═════ Records for the exercise ═════

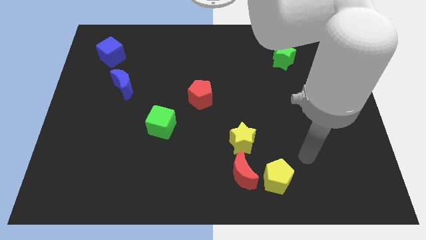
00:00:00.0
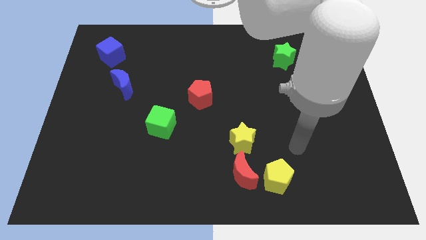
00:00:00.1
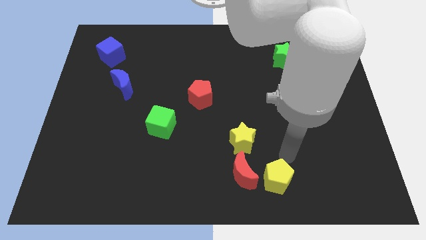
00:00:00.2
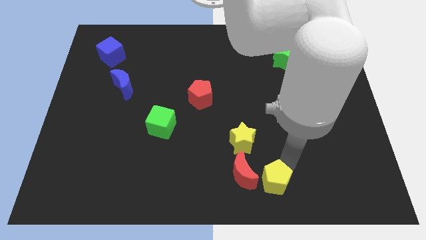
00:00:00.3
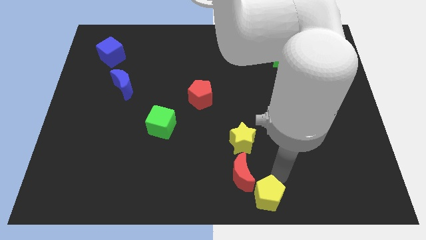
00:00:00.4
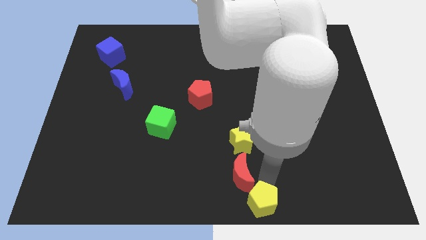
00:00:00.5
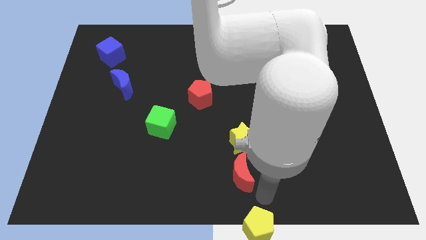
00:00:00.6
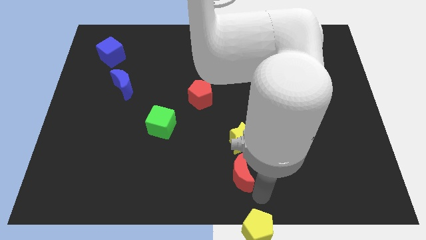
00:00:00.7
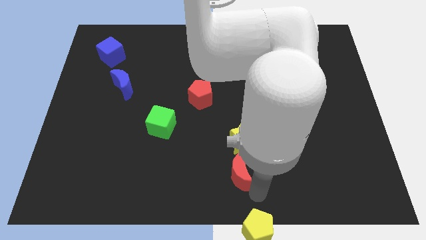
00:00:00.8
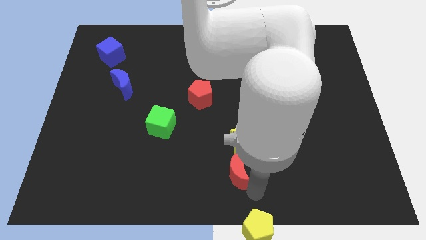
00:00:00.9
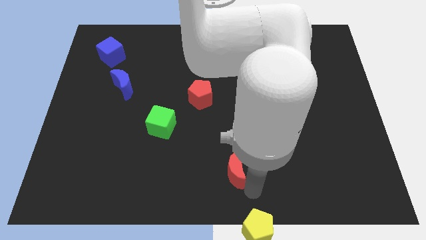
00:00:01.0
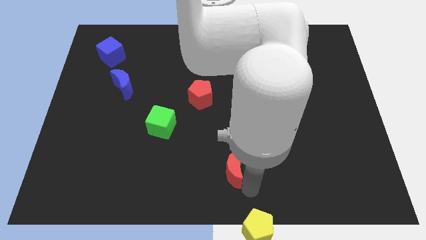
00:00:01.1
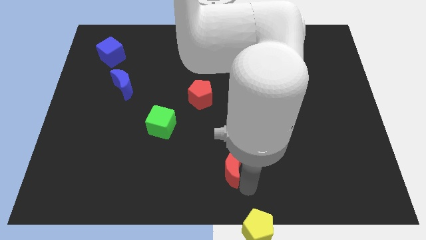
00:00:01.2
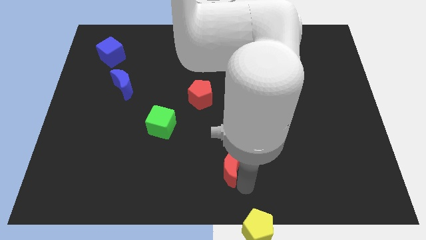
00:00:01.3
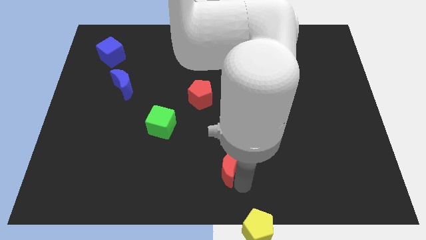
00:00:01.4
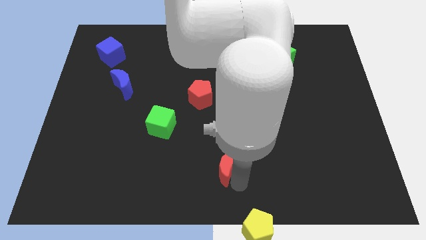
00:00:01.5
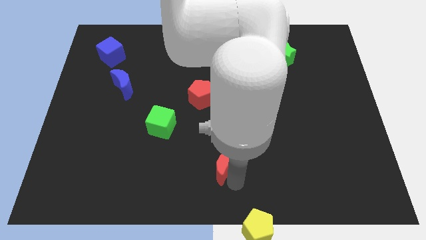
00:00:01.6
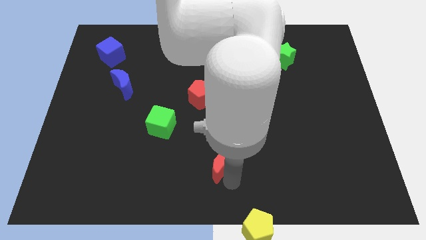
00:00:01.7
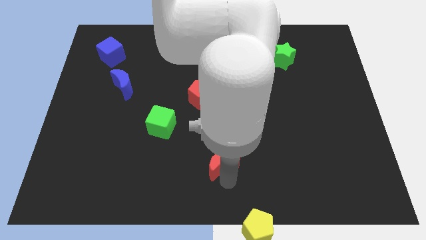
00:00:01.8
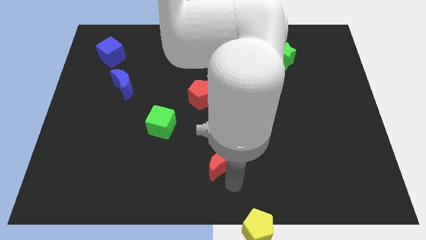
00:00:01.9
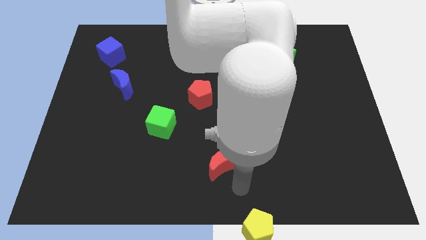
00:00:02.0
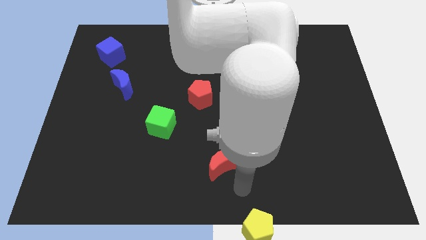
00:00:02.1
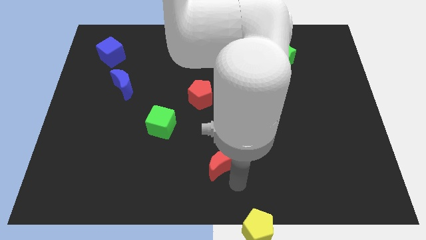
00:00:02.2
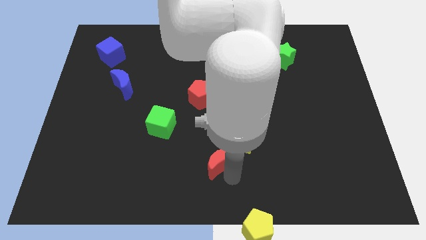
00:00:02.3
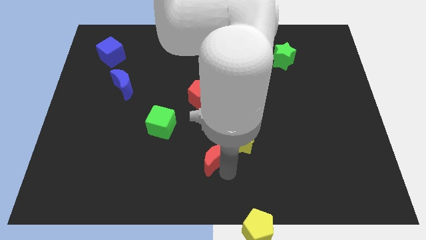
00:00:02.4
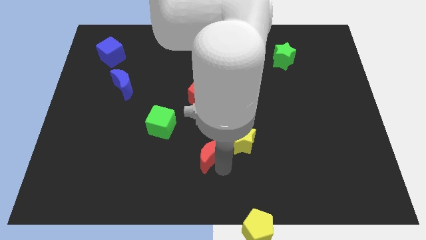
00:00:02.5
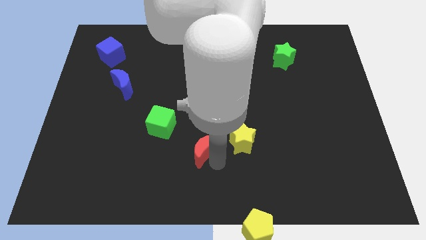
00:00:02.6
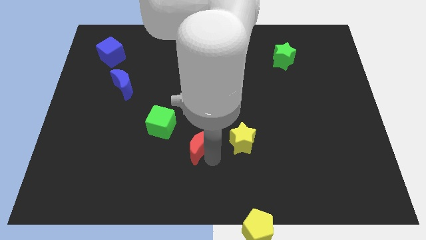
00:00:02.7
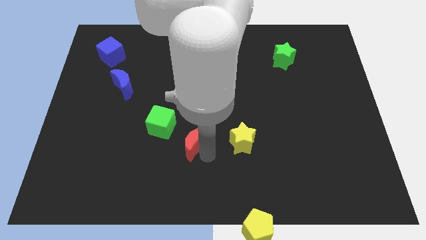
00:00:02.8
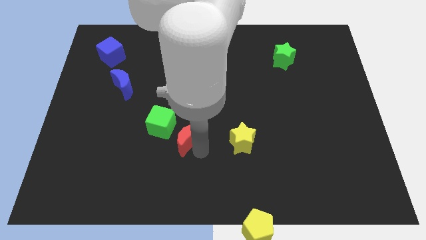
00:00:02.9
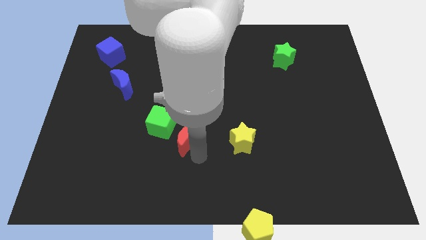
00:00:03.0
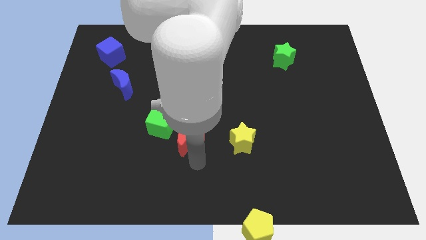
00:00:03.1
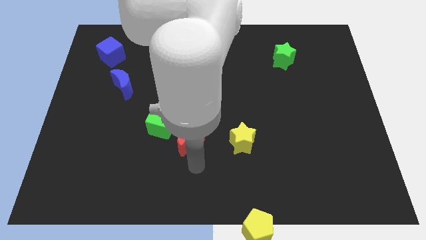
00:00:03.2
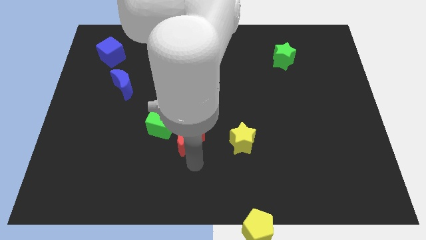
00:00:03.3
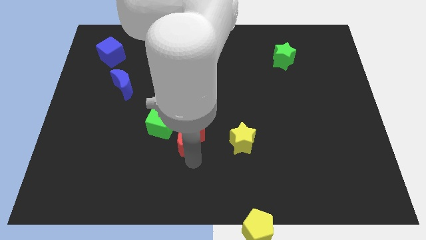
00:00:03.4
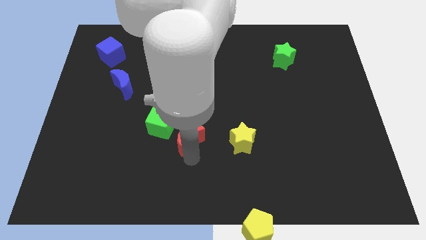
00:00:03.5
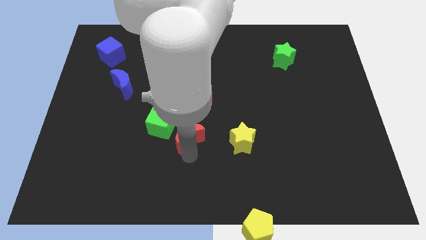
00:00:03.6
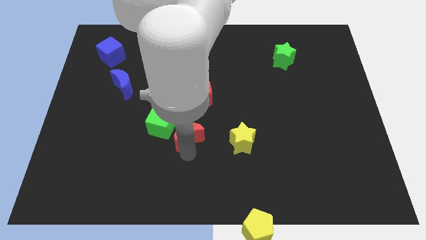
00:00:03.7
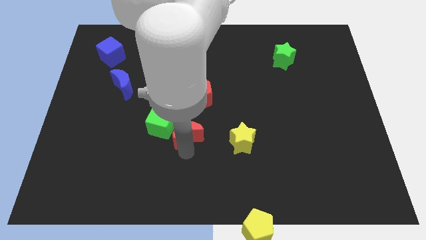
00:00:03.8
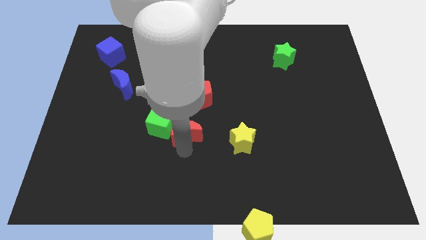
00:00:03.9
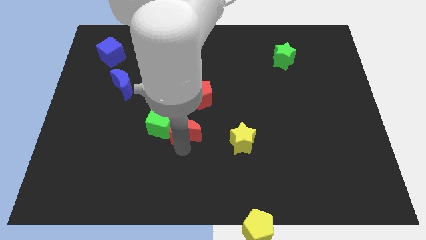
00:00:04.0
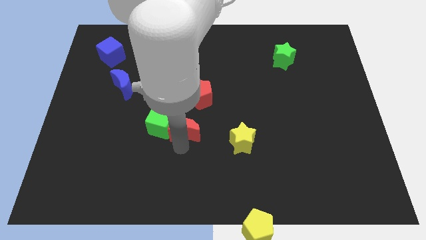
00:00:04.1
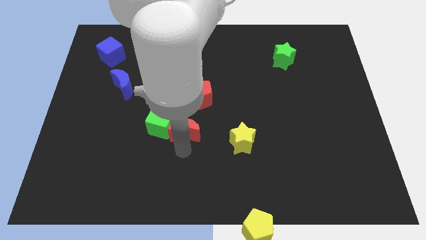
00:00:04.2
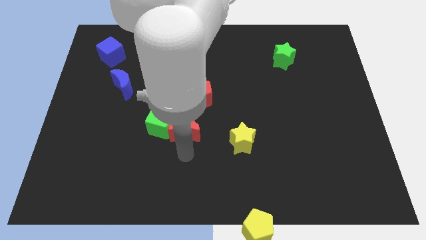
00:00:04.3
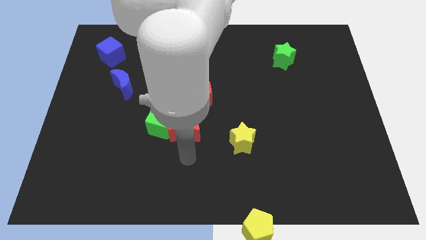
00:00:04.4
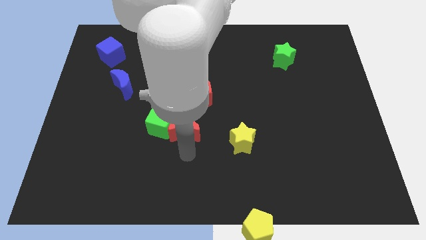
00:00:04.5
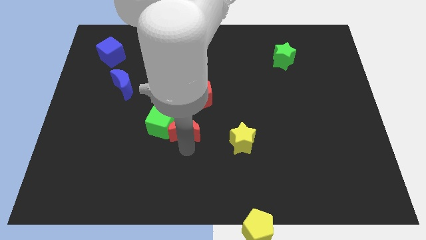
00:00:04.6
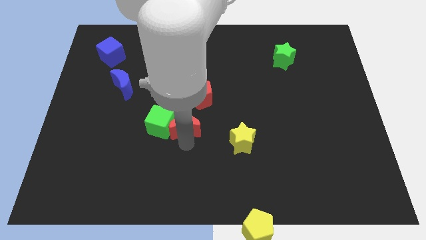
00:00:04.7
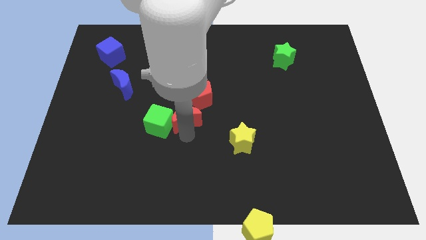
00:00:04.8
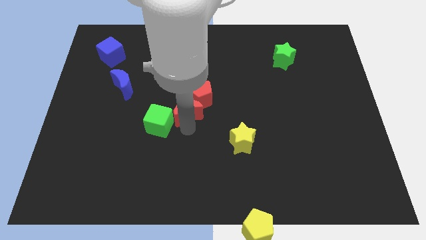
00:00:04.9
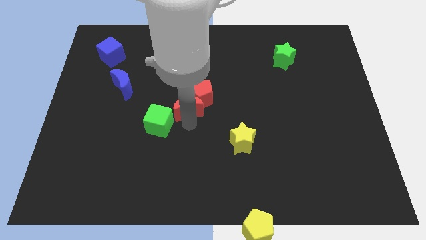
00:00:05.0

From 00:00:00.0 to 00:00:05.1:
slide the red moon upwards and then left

═════

In your copy of the entries above, keep the text exact and leave out the pictures.

• **Output of the task**
00:00:00.0
00:00:00.1
00:00:00.2
00:00:00.3
00:00:00.4
00:00:00.5
00:00:00.6
00:00:00.7
00:00:00.8
00:00:00.9
00:00:01.0
00:00:01.1
00:00:01.2
00:00:01.3
00:00:01.4
00:00:01.5
00:00:01.6
00:00:01.7
00:00:01.8
00:00:01.9
00:00:02.0
00:00:02.1
00:00:02.2
00:00:02.3
00:00:02.4
00:00:02.5
00:00:02.6
00:00:02.7
00:00:02.8
00:00:02.9
00:00:03.0
00:00:03.1
00:00:03.2
00:00:03.3
00:00:03.4
00:00:03.5
00:00:03.6
00:00:03.7
00:00:03.8
00:00:03.9
00:00:04.0
00:00:04.1
00:00:04.2
00:00:04.3
00:00:04.4
00:00:04.5
00:00:04.6
00:00:04.7
00:00:04.8
00:00:04.9
00:00:05.0

From 00:00:00.0 to 00:00:05.1:
slide the red moon upwards and then left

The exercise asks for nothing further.